04.10.19  |  Trabalhista   

Despachante de ônibus que não podia demorar no banheiro receberá indenização, afirma TST

Segundo o entendimento do colegiado, a situação atentava contra a dignidade humana.

Um despachante de terminal de ônibus, submetido ao constante constrangimento de não poder demorar ao usar o banheiro, receberá indenização por dano moral. A 3ª Turma do Tribunal Superior do Trabalho deu provimento ao recurso de revista do empregado e condenou a empresa de Aracaju (SE), ao pagamento de 5 mil reais.
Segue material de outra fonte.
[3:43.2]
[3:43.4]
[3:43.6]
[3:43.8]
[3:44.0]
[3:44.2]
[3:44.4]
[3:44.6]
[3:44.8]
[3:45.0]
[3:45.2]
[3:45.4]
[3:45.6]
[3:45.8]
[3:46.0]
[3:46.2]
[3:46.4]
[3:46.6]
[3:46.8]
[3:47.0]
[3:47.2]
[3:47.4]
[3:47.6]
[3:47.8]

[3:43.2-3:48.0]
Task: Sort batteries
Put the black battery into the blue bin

Na reclamação trabalhista, o despachante disse que, durante todo o contrato, não dispunha de local adequado para realizar suas necessidades vitais e era obrigado a usar o banheiro público do terminal, “sempre sujos e em péssimo estado de conservação, quando funcionavam”. Sustentou ainda que sofria pressão do fiscal da empresa quando ia ao banheiro, “apressando-o para retornar logo ao serviço”. Segundo ele, essas situações atentavam contra a dignidade e o bem-estar.
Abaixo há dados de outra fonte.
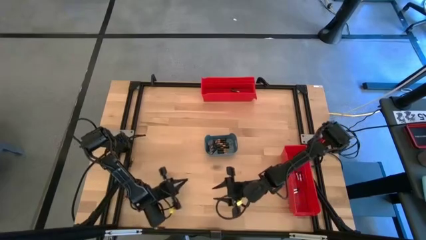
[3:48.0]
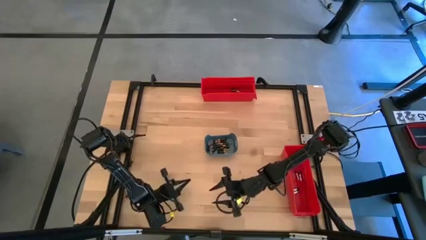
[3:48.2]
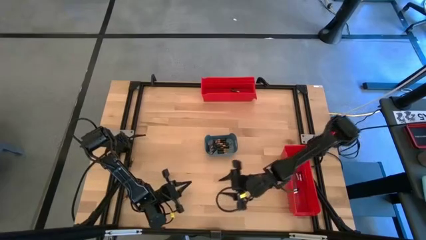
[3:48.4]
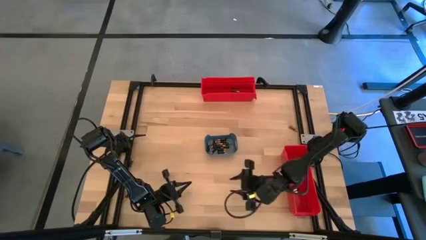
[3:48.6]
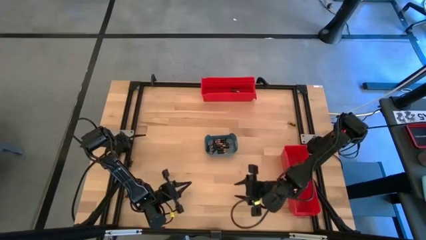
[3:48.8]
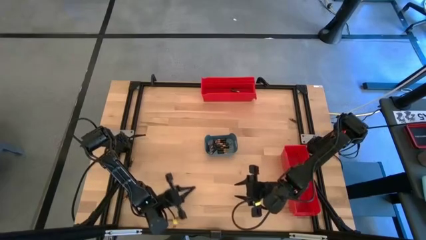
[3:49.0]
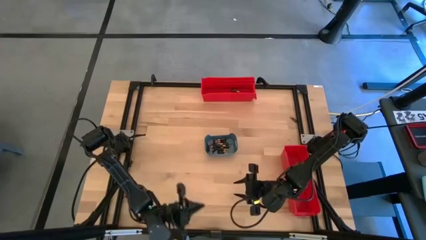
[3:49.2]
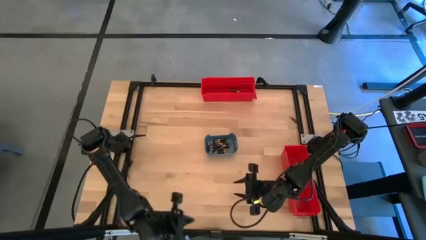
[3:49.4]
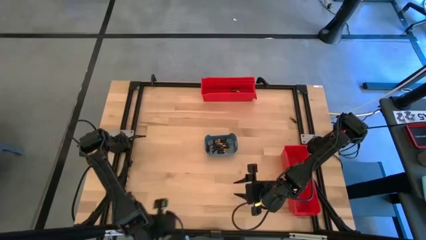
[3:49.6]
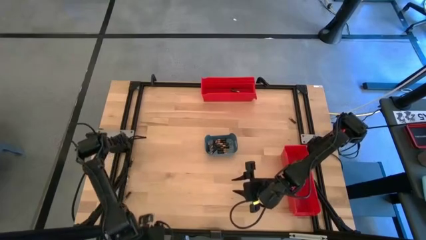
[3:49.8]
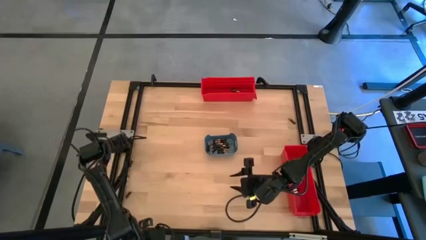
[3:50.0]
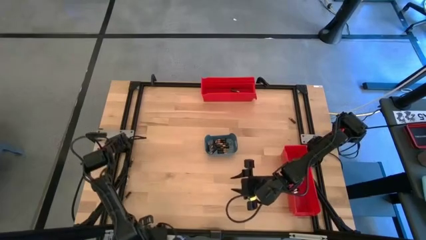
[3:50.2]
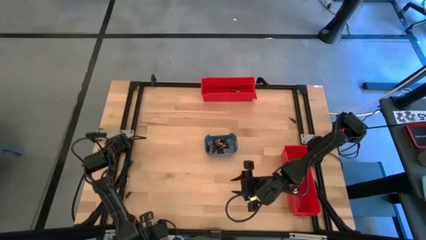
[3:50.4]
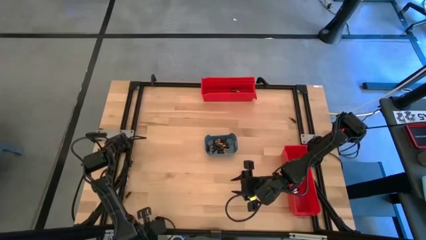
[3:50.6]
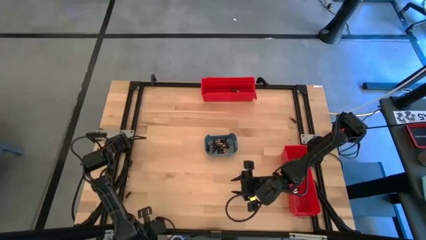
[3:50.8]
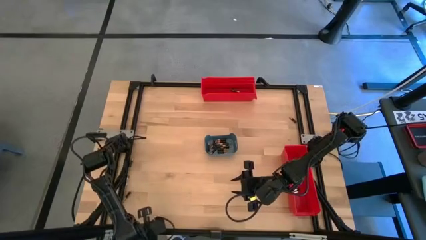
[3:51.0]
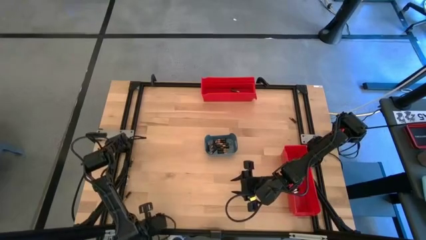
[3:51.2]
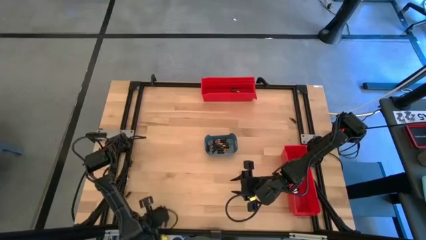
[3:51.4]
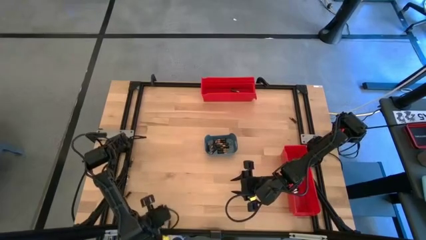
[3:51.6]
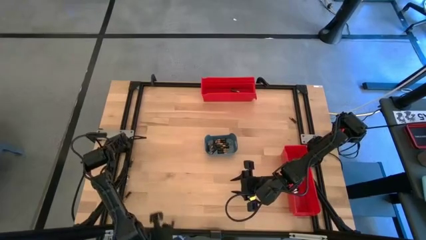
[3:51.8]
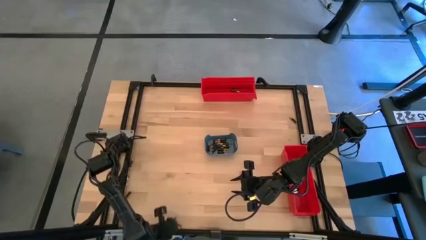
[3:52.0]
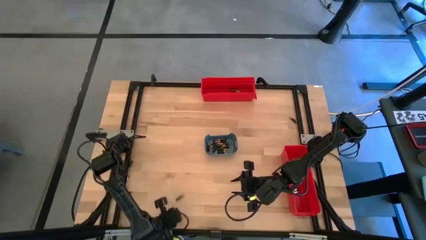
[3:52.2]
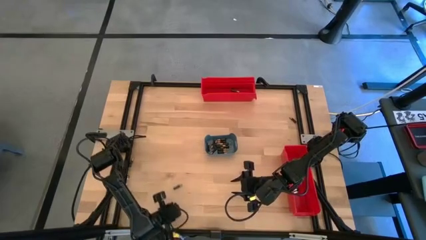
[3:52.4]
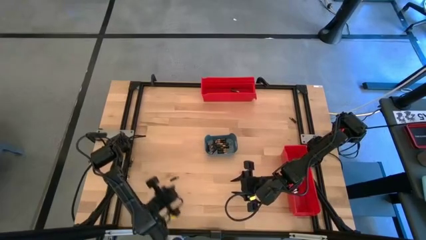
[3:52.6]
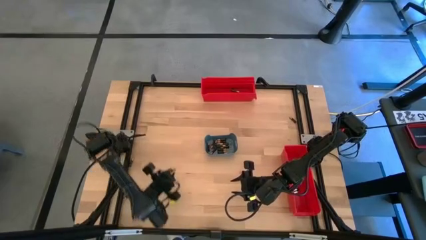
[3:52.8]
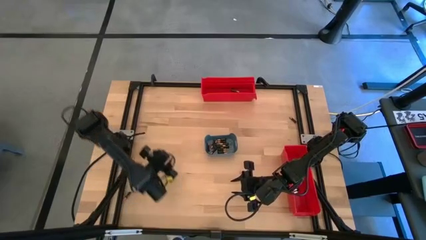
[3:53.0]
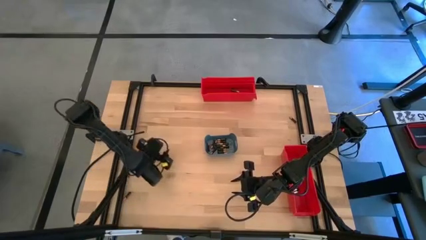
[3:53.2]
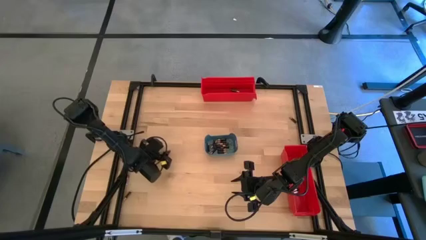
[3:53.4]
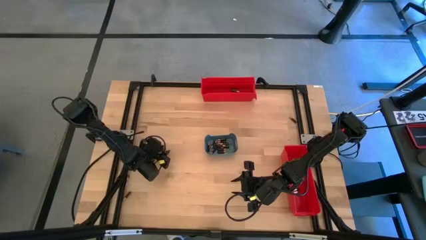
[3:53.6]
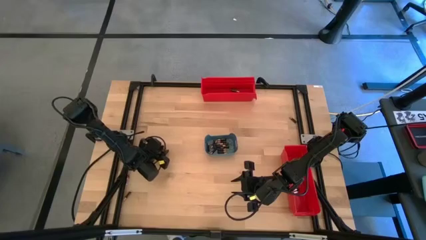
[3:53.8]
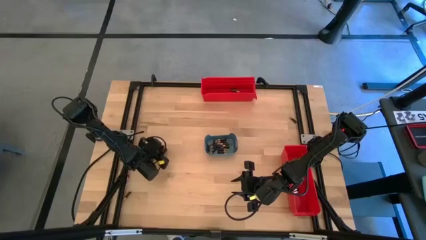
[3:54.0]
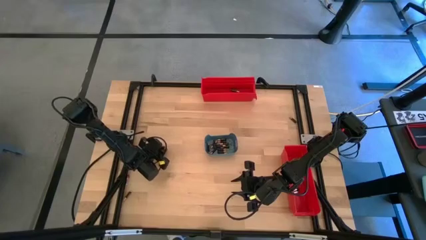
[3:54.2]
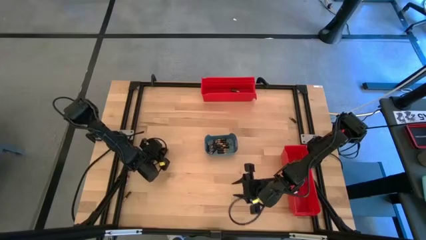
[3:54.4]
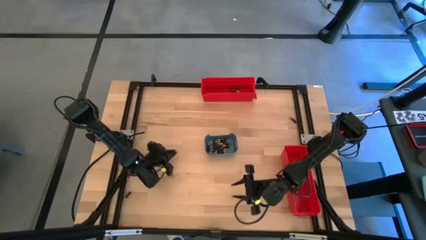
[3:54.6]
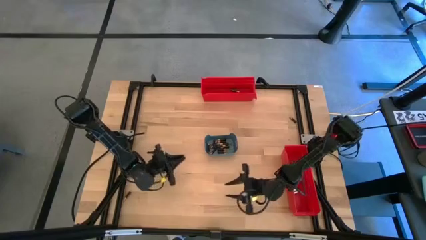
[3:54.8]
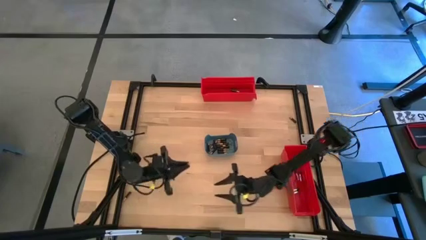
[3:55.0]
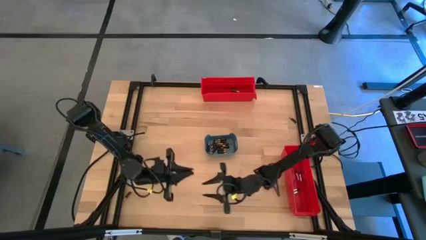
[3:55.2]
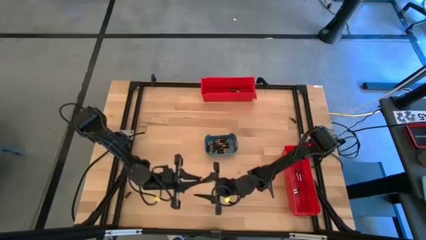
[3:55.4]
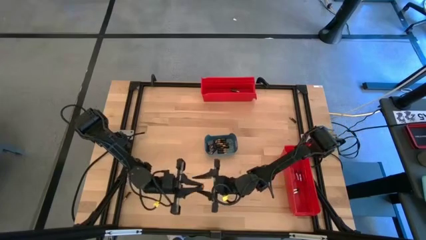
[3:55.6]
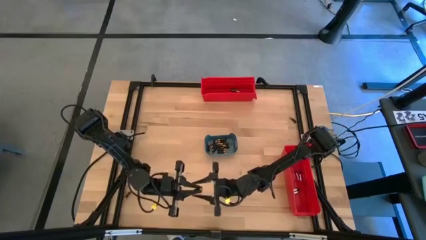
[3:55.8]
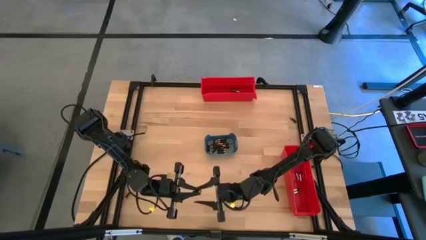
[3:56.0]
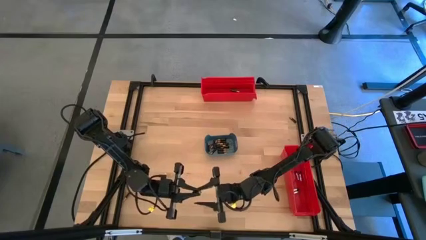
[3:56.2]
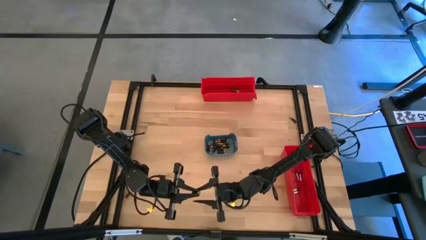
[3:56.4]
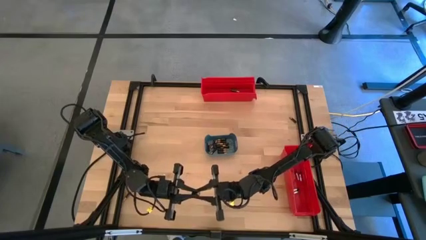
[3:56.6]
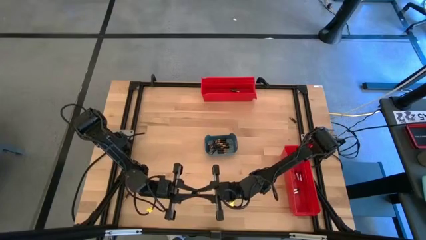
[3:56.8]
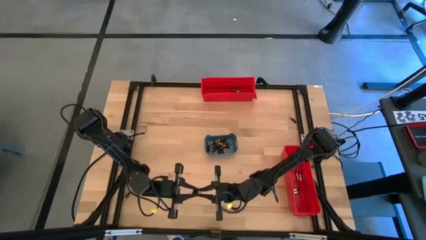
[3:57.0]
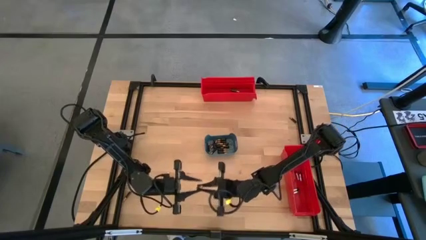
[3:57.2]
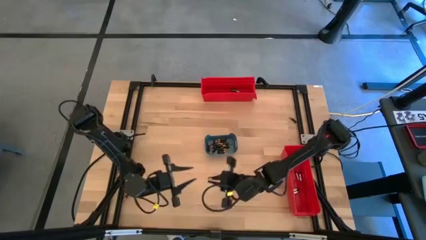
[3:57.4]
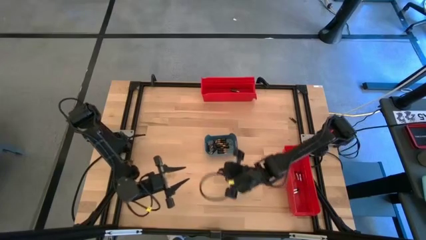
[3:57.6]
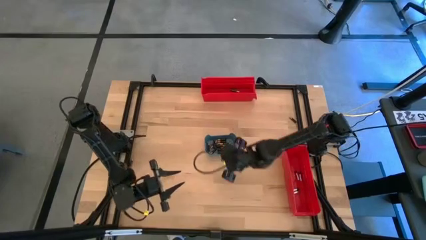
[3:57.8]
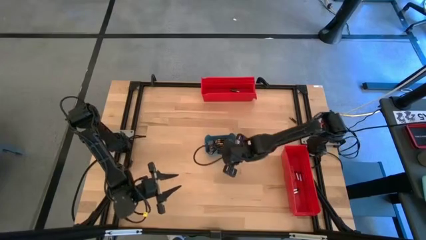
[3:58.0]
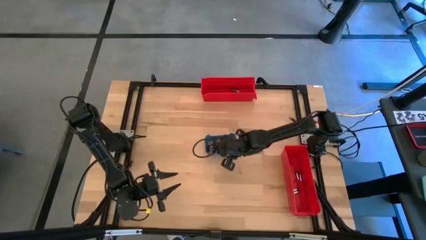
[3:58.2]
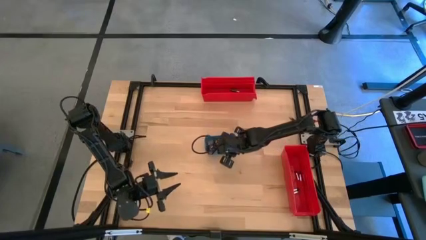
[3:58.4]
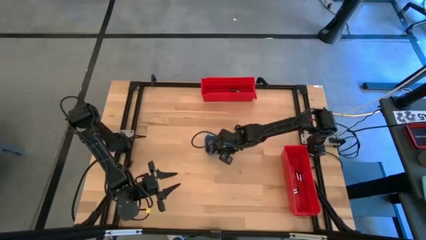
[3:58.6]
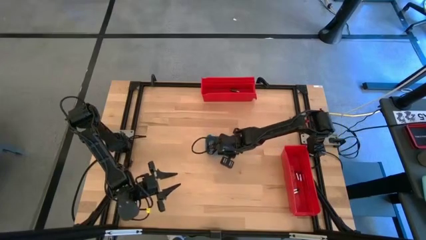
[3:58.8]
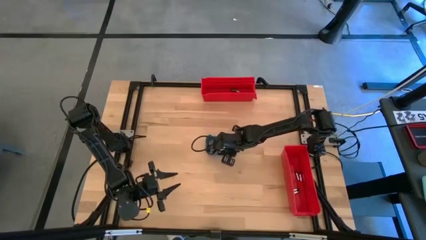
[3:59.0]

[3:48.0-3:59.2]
Put the black battery into the blue bin

O pedido de indenização foi julgado improcedente pelo juízo da 3ª Vara do Trabalho de Aracaju e pelo Tribunal Regional do Trabalho da 20ª Região. Para o TRT, os banheiros públicos se destinavam a todos os que utilizavam o terminal de ônibus e, apesar de constantemente sujos, isso não era suficiente para caracterizar o dano moral. Ainda segundo o TRT, o fato de o empregado ser pressionado para não demorar no banheiro não configurava assédio, pois não ficou demonstrado que ele sofria ameaças e constrangimentos.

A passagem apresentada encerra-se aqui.